Cardiopulmonary bypass circuit setup for porcine testing (left), and the active CPB circuit during the porcine experiments (right)

Full size image

Median sternotomy and porcine heart exposed (left), and establishment of central cardiopulmonary bypass with porcine subject (right)

Full size image

Macroscopic and histological analysis

The aorta was carefully dissected from the left ventricle to the start of the aortic arch in all pigs. Careful attention was made to handling the aorta to ensure no tissue damage was inflicted in this process. from the pig and examined by the two operating surgeons. The aortic root, and ascending aorta were then cut into aortic root, proximal, mid, and distal regions.

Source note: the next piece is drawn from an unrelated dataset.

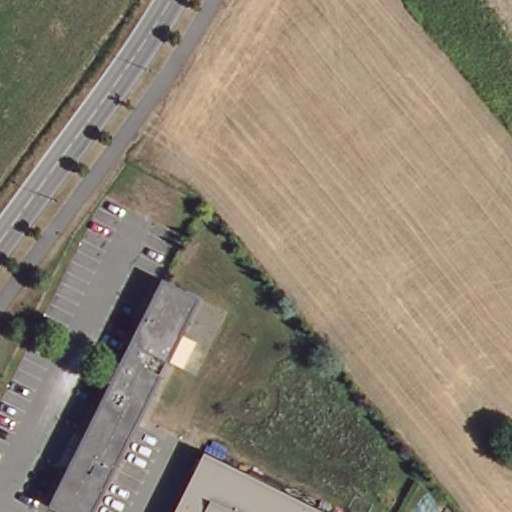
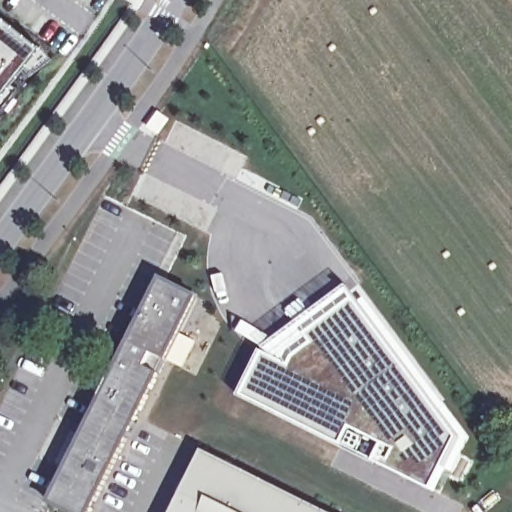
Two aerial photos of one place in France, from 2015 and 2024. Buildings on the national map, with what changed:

Tissue was immediately placed in formalin for fixation following preparation, embedded, and cut using a Leica rotary microtome (Leica Biosystems, Mt Waverley Australia) into 5micro-metre edge-to-edge sections. The basic histological stains and special stains used included Hematoxylin and Eosin (H&E), Van Gieson (EVG), and Massons Trichrome (Massons), Alcian blue, and Von Kossa (VK) stains. Specific immunochemistry antibodies staining for Collagen type I, III and IV were obtained from Abcam Australia Pty Ltd (Melbourne, Victoria, Australia). Anti-Collagen I antibody, Anti-Collagen III antibody, and Anti-Collagen IV antibody were sourced.

Observational analysis proceeded with the primary investigator and a clinical histopathologist. Histological analysis occurred with the use of a double headed microscope at the University of Adelaide Histological department, Adelaide, South Australia.

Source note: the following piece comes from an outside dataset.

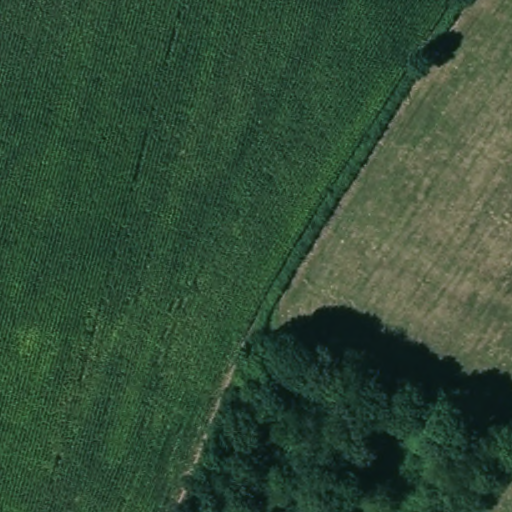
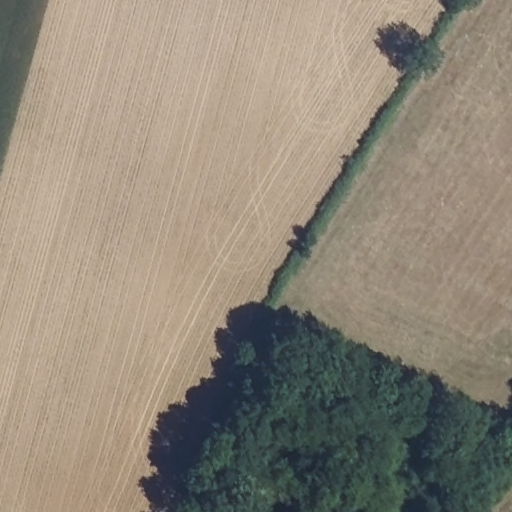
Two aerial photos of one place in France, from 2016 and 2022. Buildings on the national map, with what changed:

Histological slides were scanned using Nanozoomer digital slide scanner (Hamamatsu Photonics), Zen Blue 3.0 (Zeiss) and NDP view 2.0 (Hamamatsu Photonics) depending on the slide size. Scanned histological slides were then analysed using Fiji by Image J (National Institutes of Health, USA).

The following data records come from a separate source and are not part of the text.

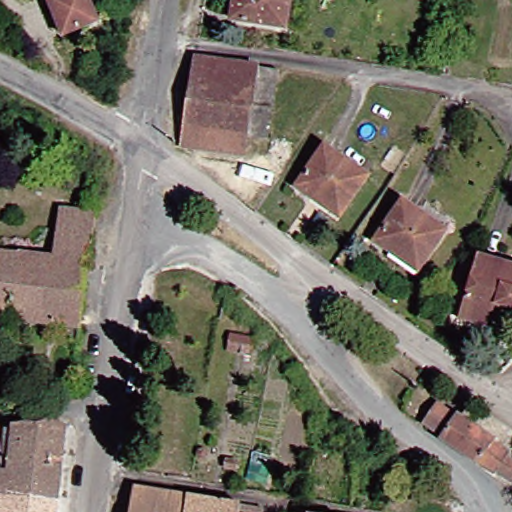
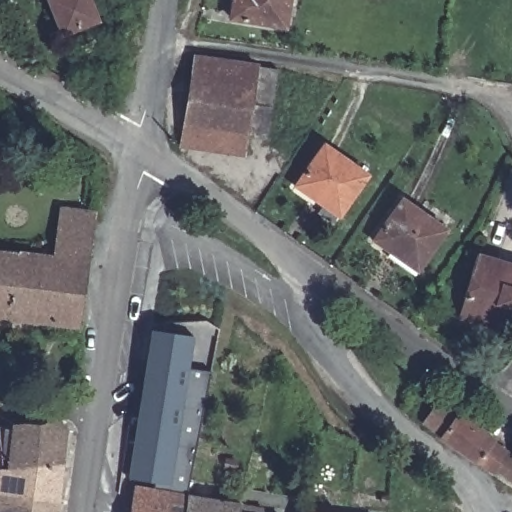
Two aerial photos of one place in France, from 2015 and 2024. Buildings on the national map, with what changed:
unchanged [(43,34),(36,0),(76,0),(80,27),(43,34)]
unchanged [(276,25),(222,16),(223,0),(279,0),(276,25)]
unchanged [(181,56),(246,65),(244,81),(263,85),(254,141),(234,138),(231,158),(167,148),(181,56)]
unchanged [(358,181),(329,222),(286,191),(315,150),(358,181)]
unchanged [(437,237),(407,278),(363,246),(392,206),(437,237)]
unchanged [(0,254),(45,259),(50,209),(88,213),(69,328),(0,320),(0,254)]
unchanged [(491,321),(485,340),(445,329),(465,266),(512,278),(512,301),(506,325),(491,321)]
new [(188,488),(128,477),(151,331),(195,338),(190,371),(209,374),(188,488)]
demolished [(255,358),(227,354),(230,338),(256,342),(255,355),(255,358)]
unchanged [(430,403),(497,451),(494,454),(512,468),(512,469),(504,483),(484,468),(481,473),(415,423),(430,403)]
unchanged [(66,425),(63,459),(1,466),(0,440),(0,423),(59,417),(66,425)]
unchanged [(63,459),(58,498),(0,490),(0,440),(1,466),(63,459)]
unchanged [(122,512),(126,489),(181,498),(178,512),(122,512)]
unchanged [(56,512),(0,512),(0,490),(58,498),(56,512)]
unchanged [(178,512),(181,498),(233,506),(232,512),(178,512)]
unchanged [(254,509),(253,512),(232,512),(233,506),(254,509)]

Quantification of elastin and collagen fibers then proceeded using the colour deconvolution plugin (IHC toolbox) in Image J v.1.53 (The University of Nottingham, UK). The image was imported into Image J from the NDP or Zen programs, the image cropped to select a region of interest (ROI), and then colour deconvoluted. This ROI then underwent analysis and measurement in Image J to produce a percentage quantification of collagen fibers or elastin fibers within that tissue specimen.

Clinical results

The clinical results from the 5 porcine studies are summarized in Table 3. Median maximal aortic pressures obtained amongst the tested samples was 497 mmHg. The median maximal CPB flows (L/min) was 3.96L. The most common macroscopic findings were aortic cusp hemorrhage and non-coronary cusp tearing which occurred in 4/5 samples (80% of tested cases).

Radiological results

The median max flow (cm/s) in all samples was 79.05 at baseline, and 95.53 following vasopressor. The median wall sheer stress (WSS) (Pa) in all samples was 0.31 at baseline, and 0.48 following vasopressor (Additional file 1: Table 1).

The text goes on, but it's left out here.